▸ **Task item**:
The reply is to be an exact repetition of the entries that follow, with each picture left out.

▸ **Supplied data**:
-------

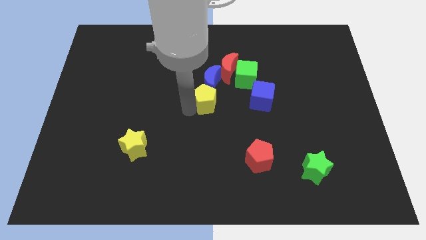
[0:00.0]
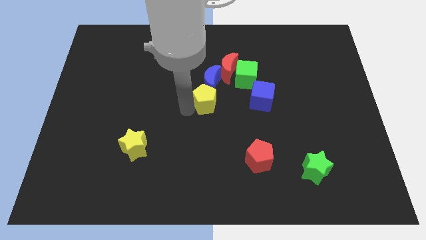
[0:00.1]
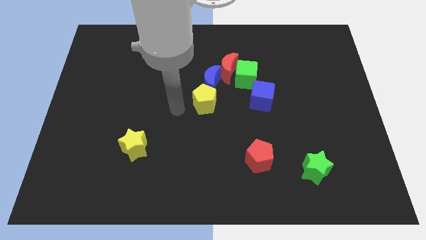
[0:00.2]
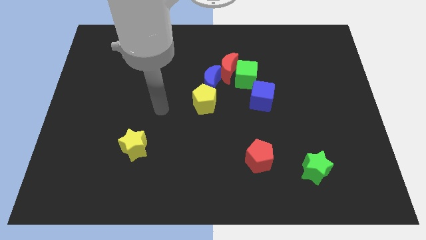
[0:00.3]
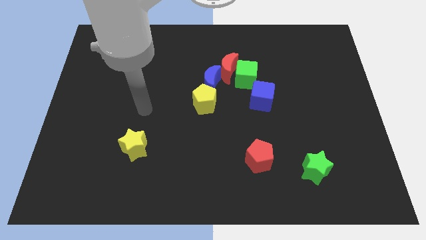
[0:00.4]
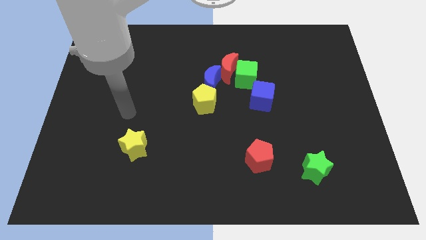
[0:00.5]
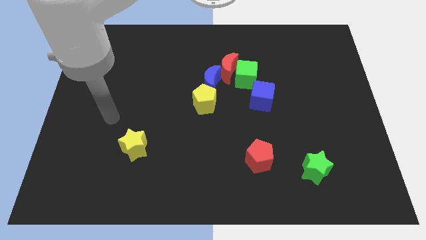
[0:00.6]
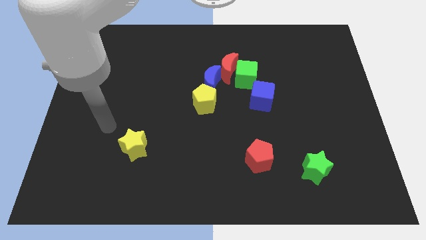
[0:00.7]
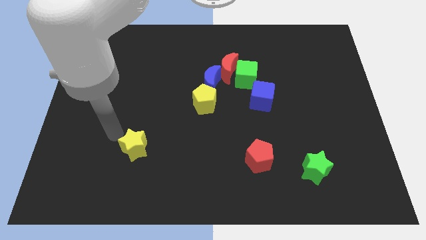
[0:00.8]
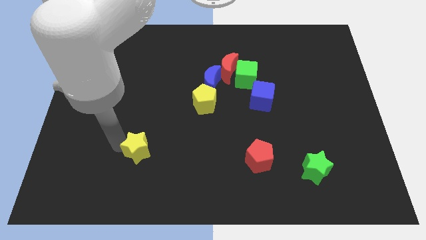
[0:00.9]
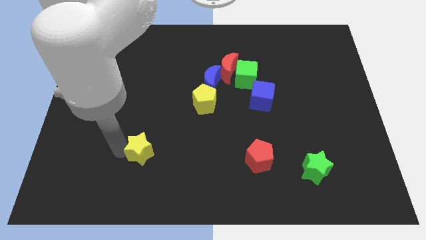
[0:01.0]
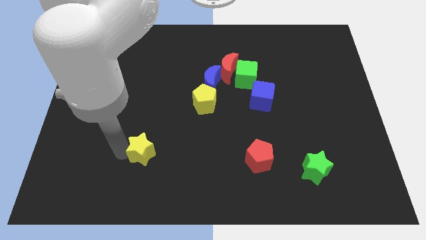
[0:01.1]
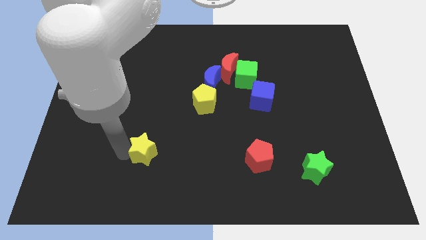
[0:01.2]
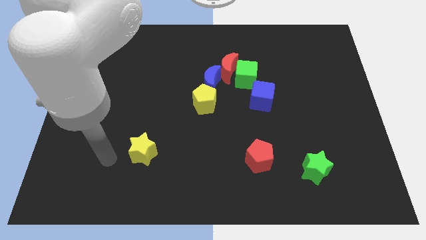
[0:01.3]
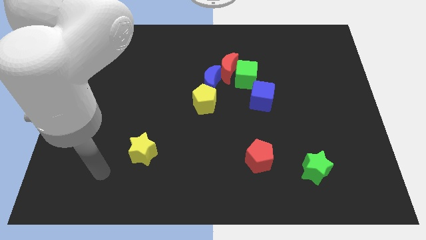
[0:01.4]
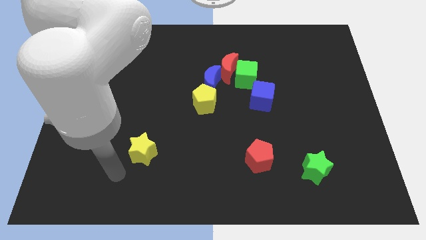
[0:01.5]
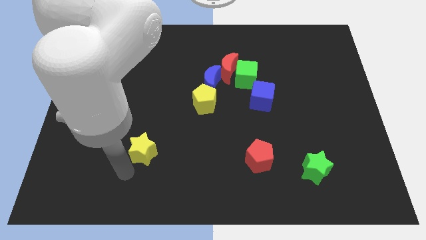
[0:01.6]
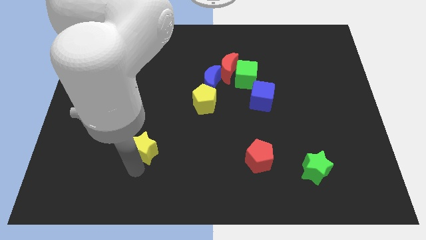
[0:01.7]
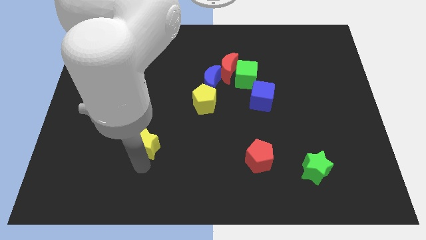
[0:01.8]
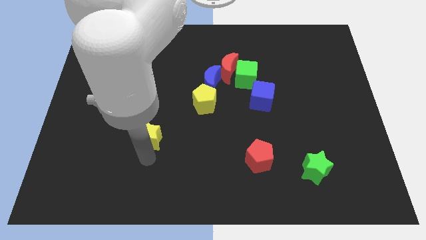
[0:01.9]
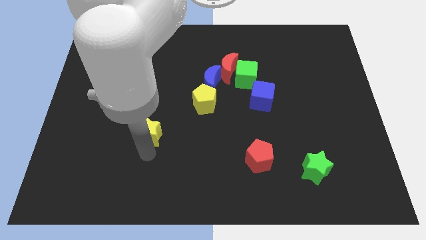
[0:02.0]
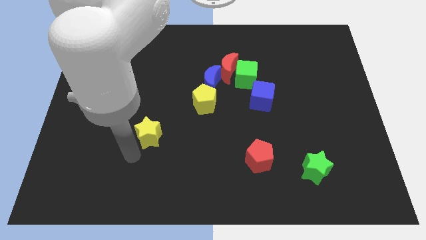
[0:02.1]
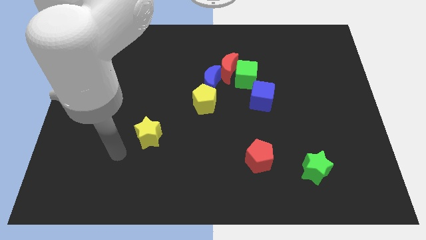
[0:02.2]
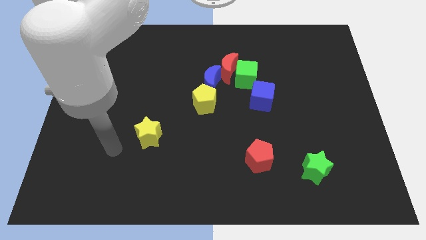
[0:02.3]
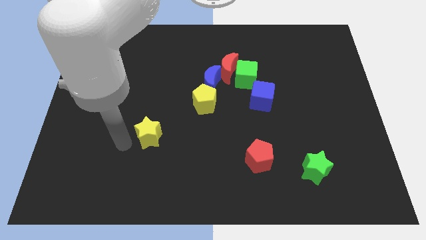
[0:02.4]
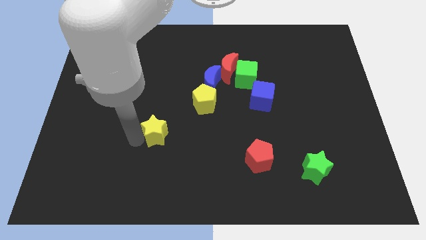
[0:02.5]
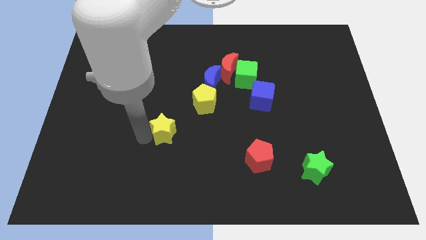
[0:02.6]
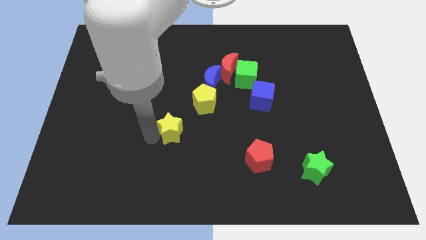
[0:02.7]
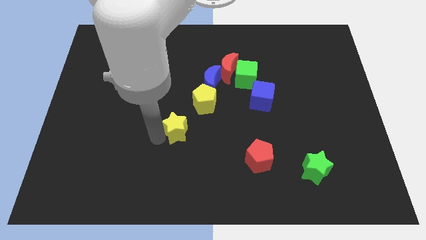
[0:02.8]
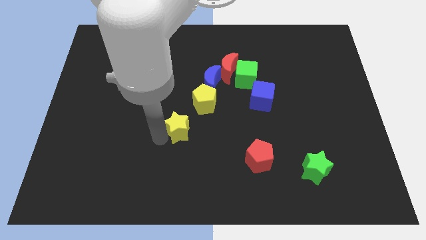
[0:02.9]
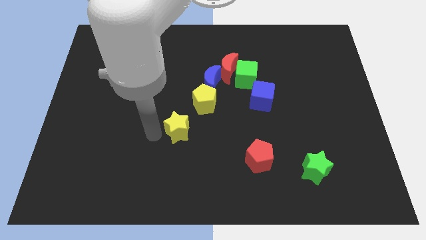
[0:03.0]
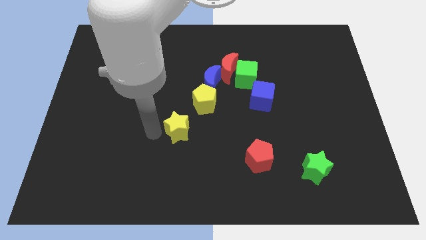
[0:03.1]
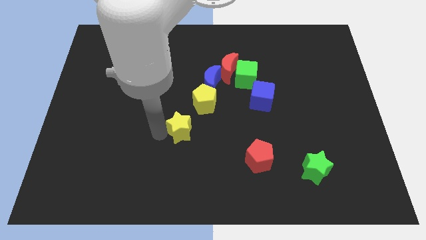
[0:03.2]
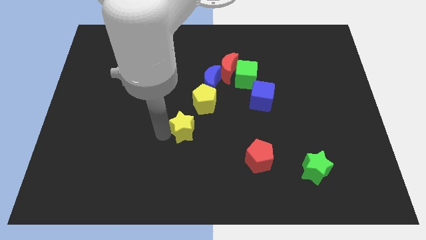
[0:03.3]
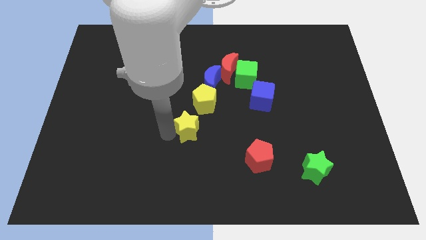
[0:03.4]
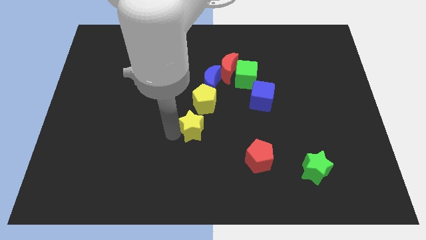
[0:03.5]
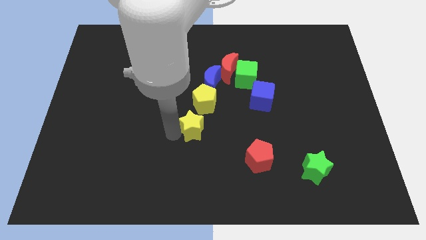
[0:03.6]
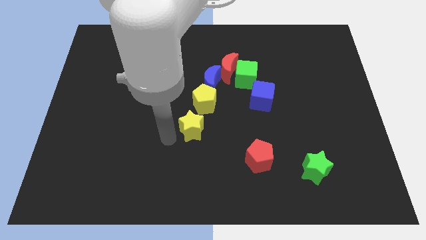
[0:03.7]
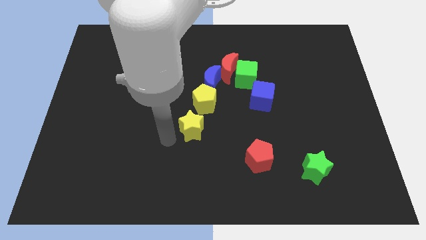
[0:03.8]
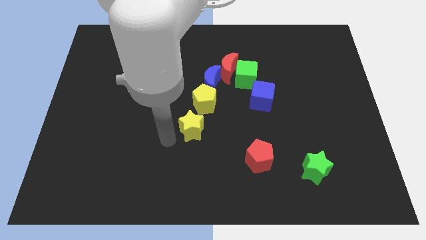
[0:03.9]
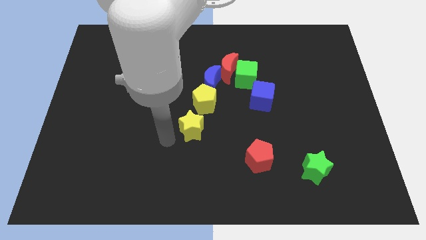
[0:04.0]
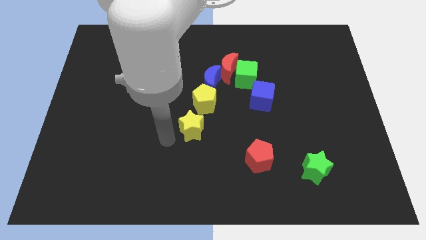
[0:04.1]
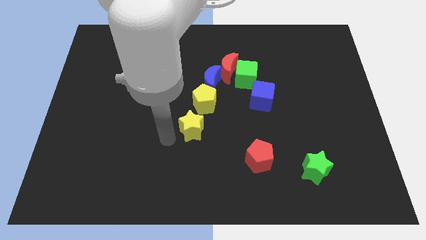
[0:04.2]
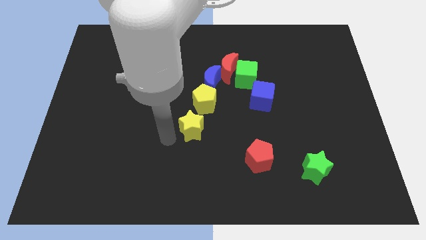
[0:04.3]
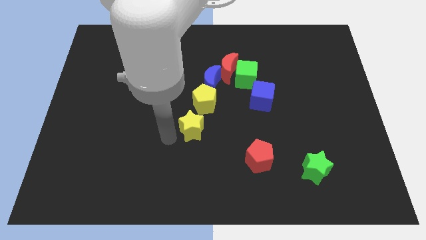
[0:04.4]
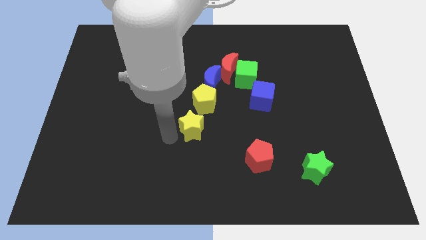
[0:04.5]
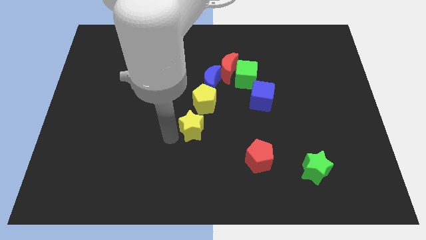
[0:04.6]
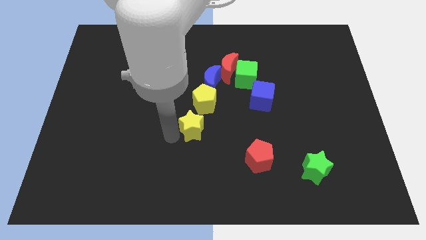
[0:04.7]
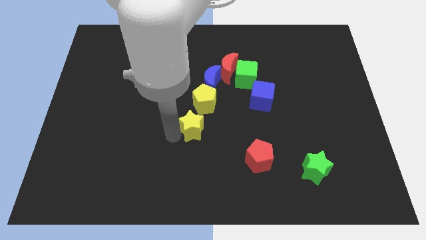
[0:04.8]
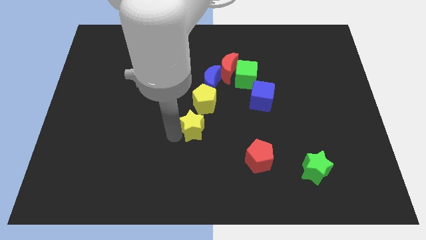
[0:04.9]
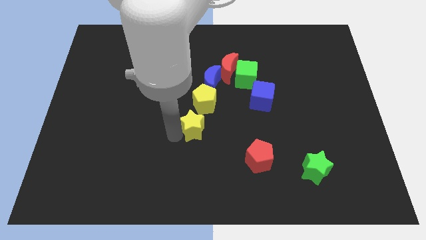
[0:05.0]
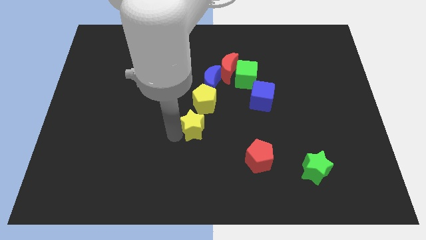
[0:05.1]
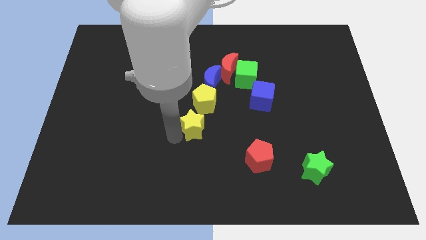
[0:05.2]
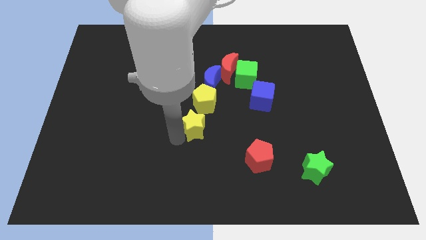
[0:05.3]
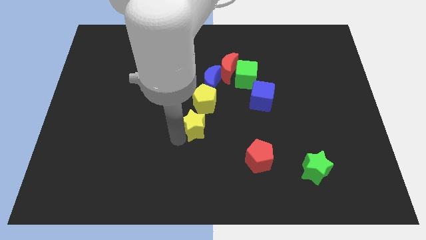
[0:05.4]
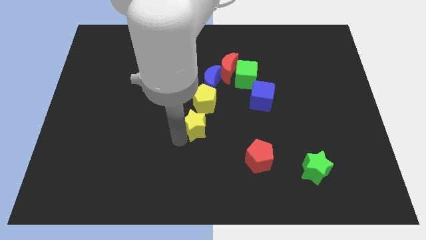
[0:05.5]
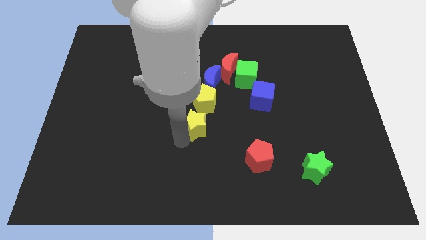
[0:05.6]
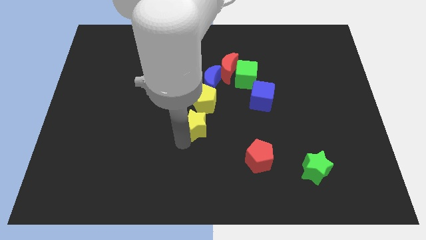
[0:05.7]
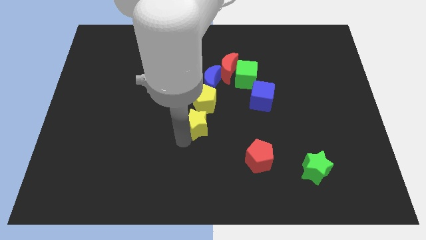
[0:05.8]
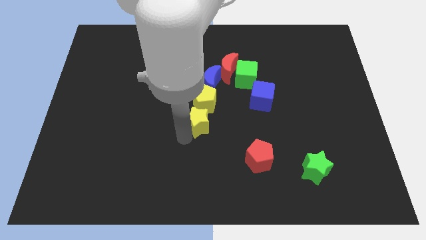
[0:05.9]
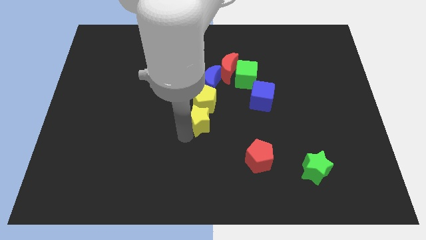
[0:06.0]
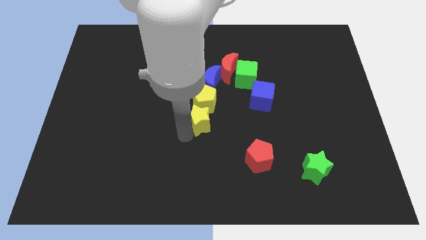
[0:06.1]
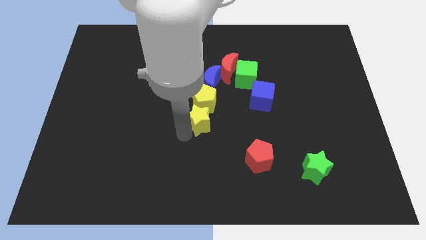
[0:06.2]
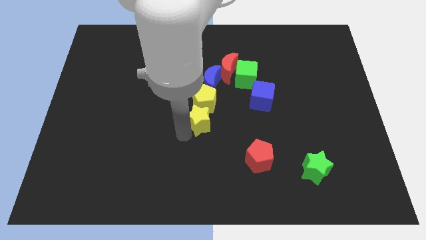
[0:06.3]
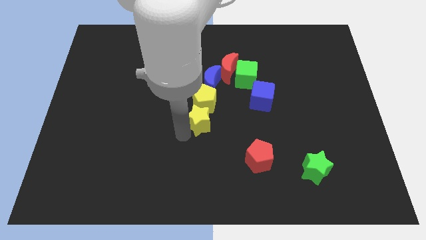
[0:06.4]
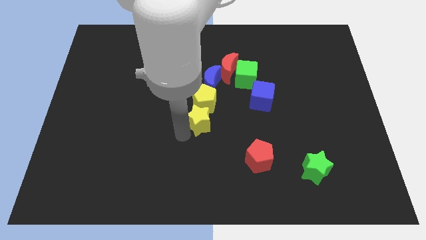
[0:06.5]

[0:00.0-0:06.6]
move yellow star below yellow pentagon

-------

▸ **Written answer**:
[0:00.0]
[0:00.1]
[0:00.2]
[0:00.3]
[0:00.4]
[0:00.5]
[0:00.6]
[0:00.7]
[0:00.8]
[0:00.9]
[0:01.0]
[0:01.1]
[0:01.2]
[0:01.3]
[0:01.4]
[0:01.5]
[0:01.6]
[0:01.7]
[0:01.8]
[0:01.9]
[0:02.0]
[0:02.1]
[0:02.2]
[0:02.3]
[0:02.4]
[0:02.5]
[0:02.6]
[0:02.7]
[0:02.8]
[0:02.9]
[0:03.0]
[0:03.1]
[0:03.2]
[0:03.3]
[0:03.4]
[0:03.5]
[0:03.6]
[0:03.7]
[0:03.8]
[0:03.9]
[0:04.0]
[0:04.1]
[0:04.2]
[0:04.3]
[0:04.4]
[0:04.5]
[0:04.6]
[0:04.7]
[0:04.8]
[0:04.9]
[0:05.0]
[0:05.1]
[0:05.2]
[0:05.3]
[0:05.4]
[0:05.5]
[0:05.6]
[0:05.7]
[0:05.8]
[0:05.9]
[0:06.0]
[0:06.1]
[0:06.2]
[0:06.3]
[0:06.4]
[0:06.5]

[0:00.0-0:06.6]
move yellow star below yellow pentagon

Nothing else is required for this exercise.